Kitobni o'qish: «With Rod and Line in Colorado Waters»
“Poor drudge of the city! how happy he feels
With the burs on his legs and the grass at his heels;
No Dodger behind, his bandannas to share;
No Constable grumbling: ‘You must n’t walk there!’”
– Holmes.
MANY YEARS AGO
Forty years ago – a big slice off the long end of one’s life! A broad river with its low-lying south shore heavily timbered and rich in early summer verdure; a long bridge with a multitude of low stone piers and trestle-work at top; in midstream, two miles away, the black hull and tall masts of a man-o’-war, lying idly; between and beyond, the smooth bosom of the blue expanse dotted with fishing sloops under weather-beaten wings, moving lazily hither and yon; to the north, but invisible save a straggling outer edge of tumble-down houses – a possibility then – now, “they tell me,” a magnificent city; a decayed wharf with no signs of life, and draped in tangled sea-weed that came in with the last tide, the jagged and blackened piles stand brooding over the solemn stillness like melancholy sentinels sorrowing over a dead ambition. The ripple of the waves is a melody and the air is fragrant with a brackish sweetness.
It has been a bright day, and the afternoon shadows are beginning to lengthen. They suggest to some another day’s work nearly finished, another week drawing to a close; Saturday night, home and rest. To others they suggest – well, let that pass. To a little fellow, barefoot, coatless and with a ragged straw hat, who crawls out from one of the center piers of the old bridge, these shadows of the closing May day are ominous, yet his forebodings are not unmixed with the rose-hued pleasure of a day well spent.

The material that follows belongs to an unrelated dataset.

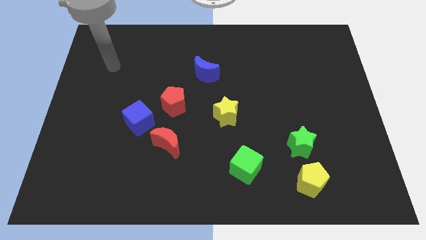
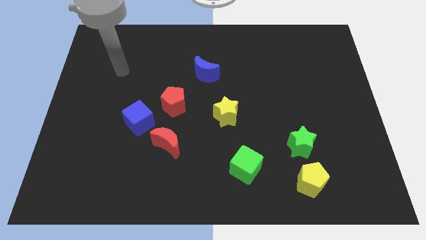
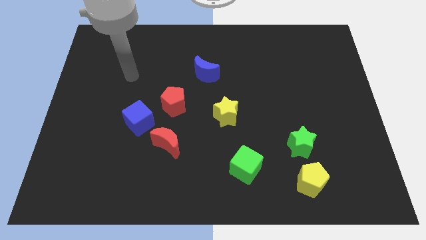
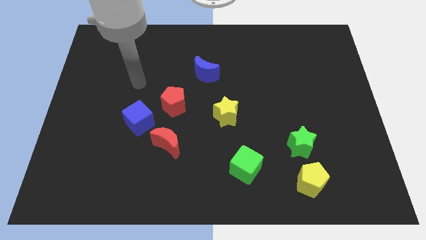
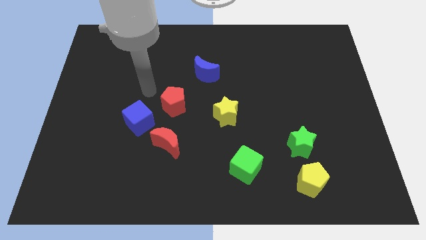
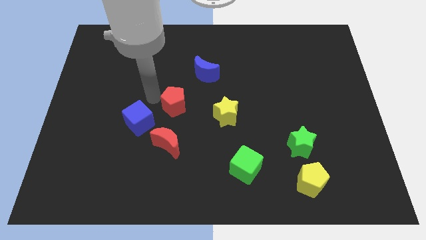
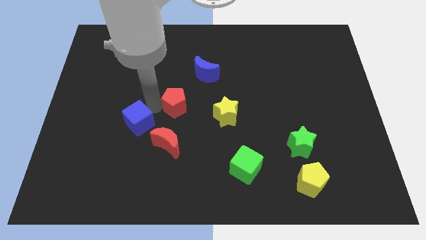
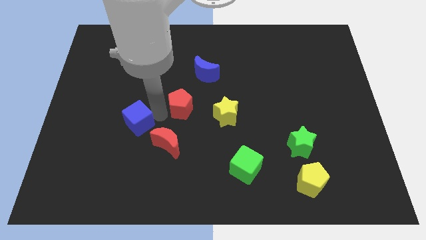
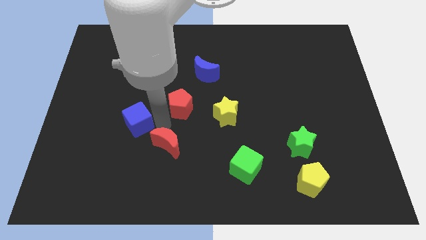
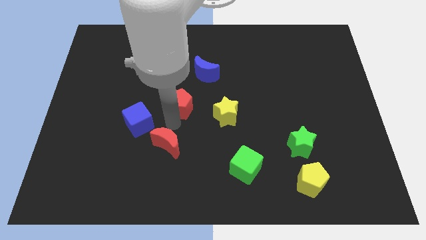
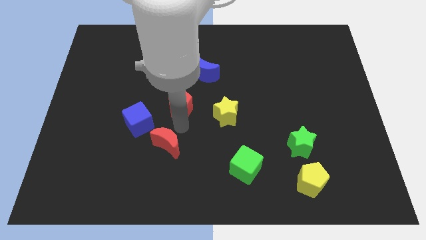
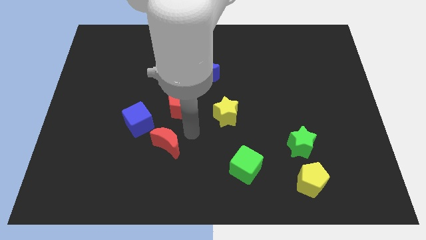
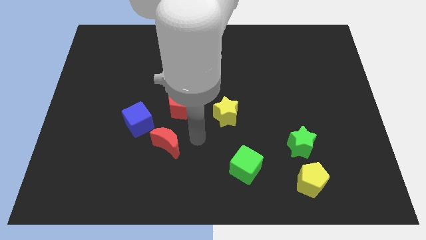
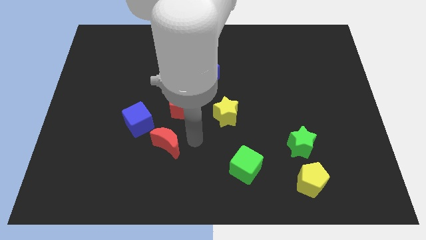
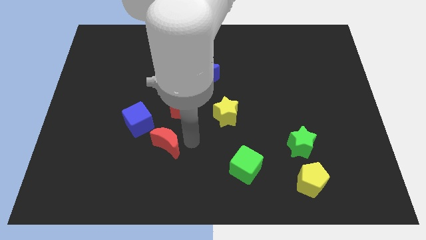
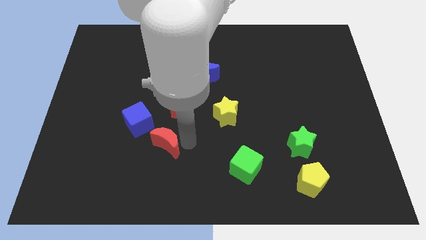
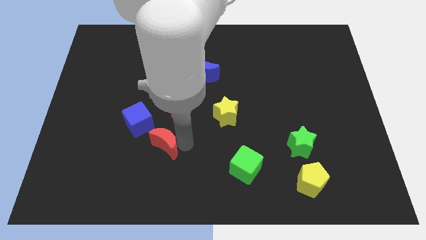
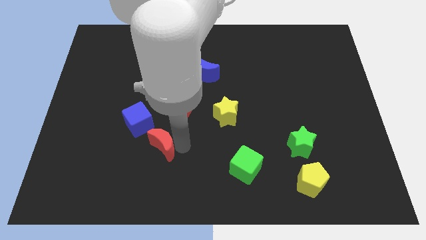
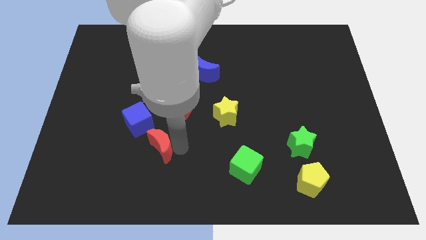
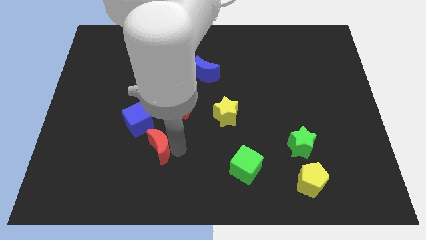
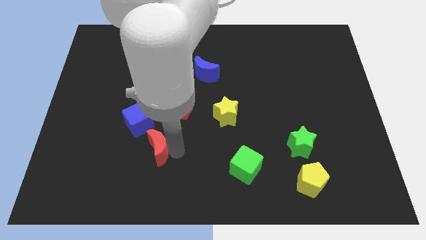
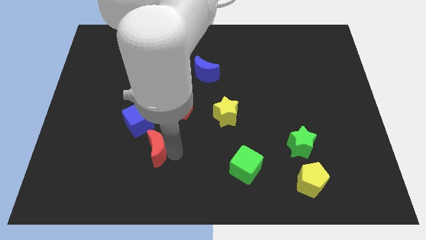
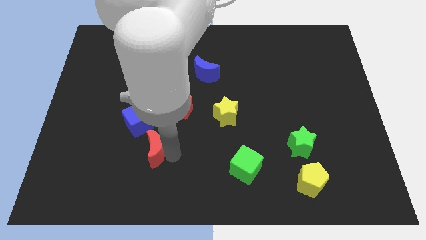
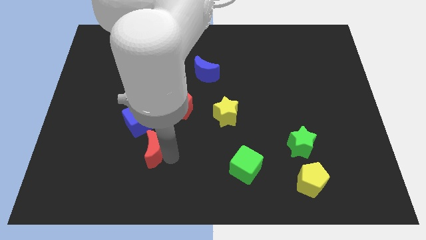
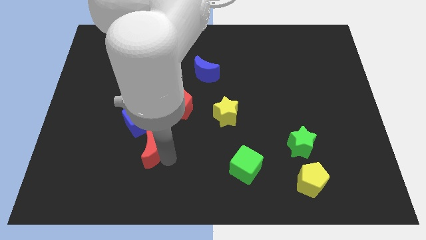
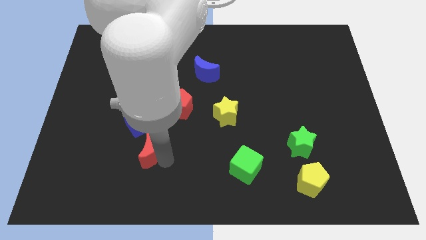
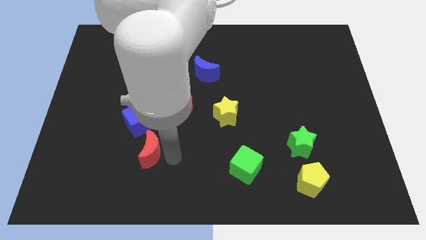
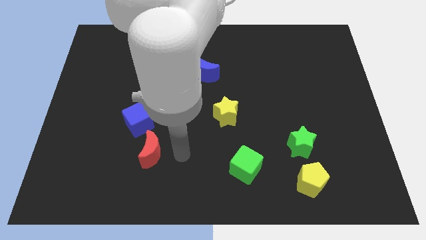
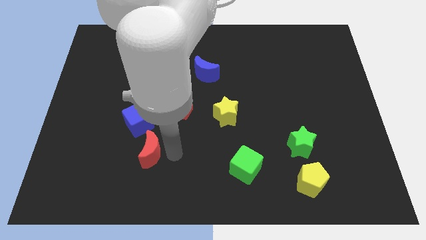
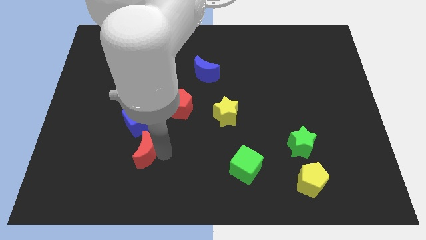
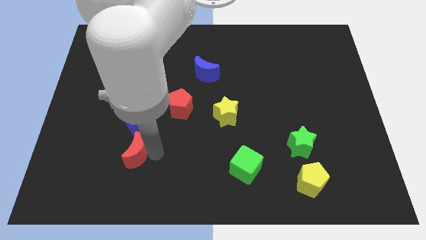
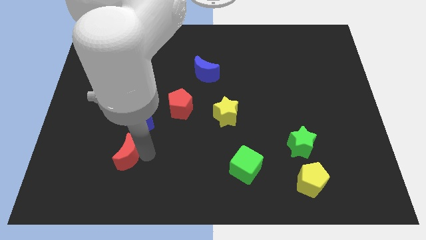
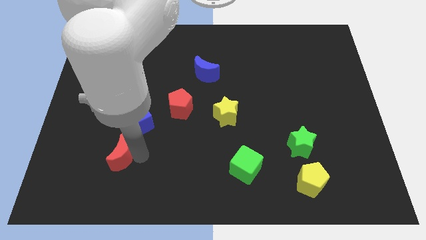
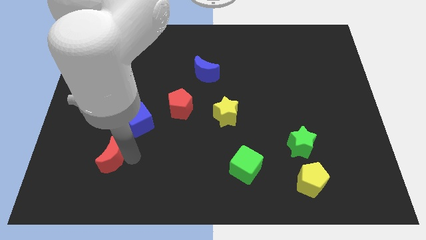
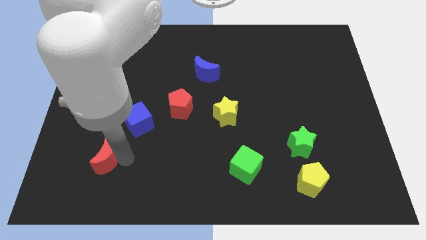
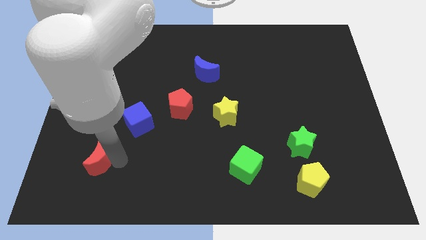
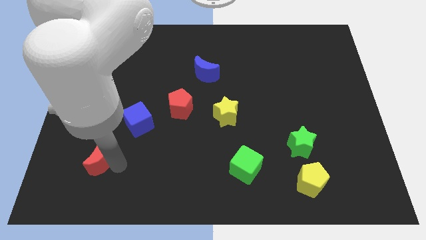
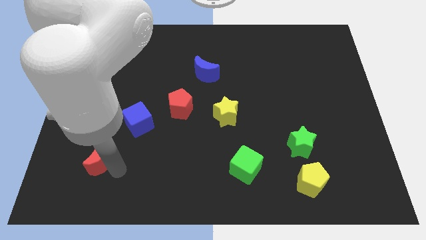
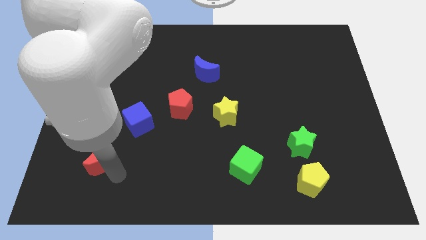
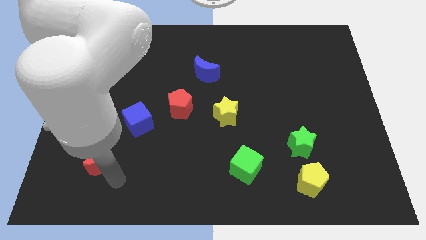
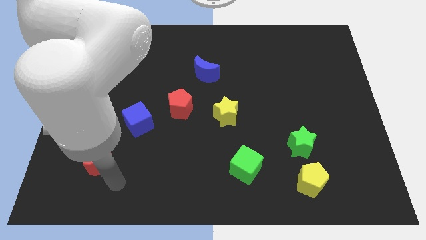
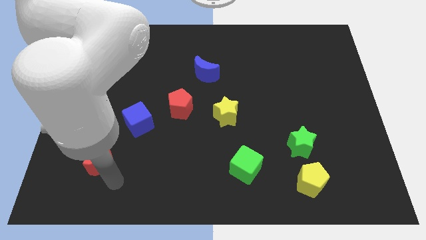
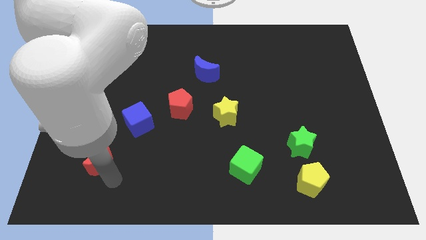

He did think of that river below him, twenty-five feet deep, but that was an attraction. He did think of the very near future and – but no matter; his thoughts were bright enough as he hauled up after him a string of perch as long as his precious body, and as a fit climax to his magnificent catch, an eel at least two and a half feet long and thick as his captor’s arm. What a struggle he had enjoyed with that eel before he got it to the top of the pier. His hand-line was a hopeless snarl; twice he had come within a hair’s-breadth of going overboard, but the unfortunate eel had succumbed to juvenile activity and zeal. What ten-year-old could boast comparison, as with the day’s trophies over his shoulder he plodded his way home? He felt himself an object of interest and envy to his fellows, and told with condescension, not arrogance, his experience with that eel.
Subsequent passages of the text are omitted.